1 semiconductor element, 2 delay circuit, 3 buffer, 10, 11 semiconductor switch, 12 to 14 inverter, 15 to 17 NAND element, 18, 19,
30 buffer, 20-22 signal line

Claims (4)

[Claims] 1. A semiconductor device including a plurality of semiconductor elements, wherein: a first signal line; a second signal line disposed close to the first signal line; and the first signal line Signal inverting means for inverting or inverting a signal applied to one end of the second signal line and applying the signal to a corresponding end of the second signal line; and selecting means for selecting non-inverting or inverting operation of the signal inverting means. A semiconductor device characterized by the above-mentioned. 2. The apparatus according to claim 1, wherein the selection unit stops the operation of the signal inversion unit as necessary.

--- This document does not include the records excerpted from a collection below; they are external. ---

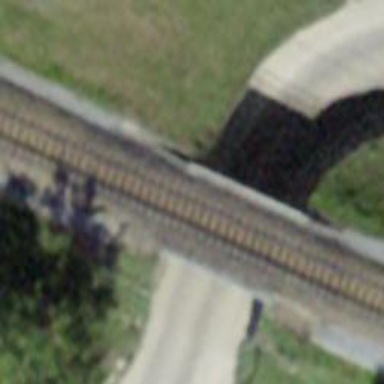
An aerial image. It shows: Narrow gauge railway with electrified contact lines.
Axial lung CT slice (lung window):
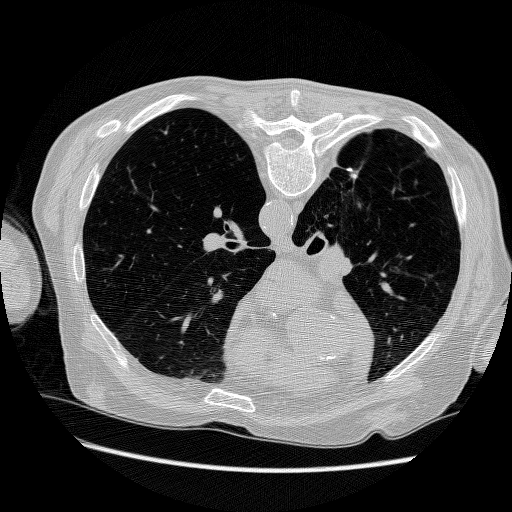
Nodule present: no
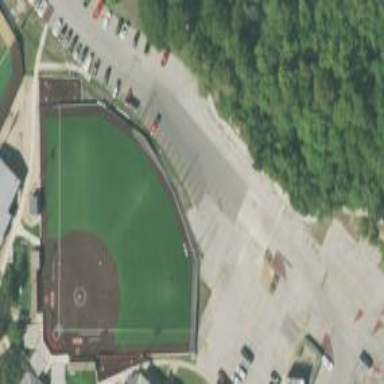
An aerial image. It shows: Softball pitch for leisure sports.
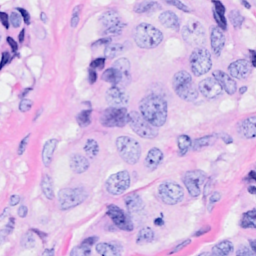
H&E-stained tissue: Breast
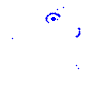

13. The semiconductor device according to claim 1. 3. When the operation of the signal inverting means is stopped by the selecting means, the signal inverting means:
3. The semiconductor device according to claim 2, wherein said second signal line is grounded. 4. The semiconductor device according to claim 1, wherein said second signal line is two signal lines arranged close to both sides of said first signal line.